This year we were desperate to show Piper a bit of Europe. Having done Asia and North America several times over the last few years we realised she hasn’t seen that much of her own backyard (we’re UK based). And the beautiful historic cities of the mainland started calling us. Add to that the whole Brexit fiasco. (I’m not a political blogger so I’m not going to go there.) This summer seemed like the perfect time to do it. Interrailing with kids seemed like the perfect way to do this.
So far so good right? We’re all pretty sick of airports and planes and baggage restrictions so European train travel was the obvious choice and when I saw some of the deals available from Interrail, I snapped us up some flexi tickets. The great thing about interrailing with kids is they are free, you don’t get that from Ryan Air! These are some of the many interrailing packages I could find.
2nd Class 1st Class
5 days travel within 15 days £242 £330
7 days travel within 1 month £287 £331
10 days travel within 1 month £344 £469
15 days continuous £381 £518
15 days within 1 month £435 £576
22 days continuous £445 £605
1 month continuous £576 £782
If you’re booking from outside Europe, there’s a slightly different pricing structure and its called Eurail
If you’re a youth, and it’s a pretty generous age group, 12-27, then you get a further discount. Basically if you order the 5 days travel within 15 days then you can choose any 5 days within a 15 day period to travel on any European train. The continuous tickets allow you to travel on as many trains as you like on whatever day you like. Making your planning much, much easier – the gold standard so to speak. Interrail sometimes offer discounts. Make sure you follow them on social media well in advance of your trip to stay up to date with any promotions.
You’re allowed one outward journey from your home country and one inward journey on your way home. But these do need to be taken as part of your travel days. We only used the outward one and will be flying home.
On your travel days you can travel on as many trains as you like. So if you time your trains right you could always get an early morning train, spend a few hours exploring that city then get a late afternoon train to your next destination. This does take a lot of organisation though. I’m ashamed to admit how many Safari Tabs I had open when trying to figure out our route.
Having done a bit of research first I knew I may have to pay extra to reserve seats on busy trains. But didn’t realise just how much this would cost before I went and bought the tickets. The Interrail website has no way to check this before you purchase. And there’s very little information available to help you. I also purchased first class tickets as some of our journeys would be pretty long and I knew I would need to work on the trains. I did expect there to be no extra charge for this.
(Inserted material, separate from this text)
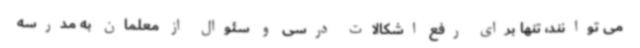
می توانند، تنها برای رفع اشکالات درسی و سئوال از معلمان به مدرسه

But actually first class reservations are even more expensive than the regular ones.
Planning your Interrail route
I probably should have done this before I went ahead and purchased our passes. But I must admit I got a little over excited. So when they arrived with a handy paper map of Europe I set about planning our Interrail route. I prefer actual physical maps to online ones so had various coloured pens to chart our many route options.
As per usual, we wanted to go everywhere. But due to travel days and time constraints I quickly realised this was impossible. So then we had to work out which countries were most important to us. We were really keen to show Piper some of our favourite historic European cities, Brussels (and the European parliament), Prague, Amsterdam and Bologna (where we visited when I was pregnant) were high on our list. But I was also desperate to explore Southern Spain and Portugal to ensure we managed a relax and perhaps even get some beaches in.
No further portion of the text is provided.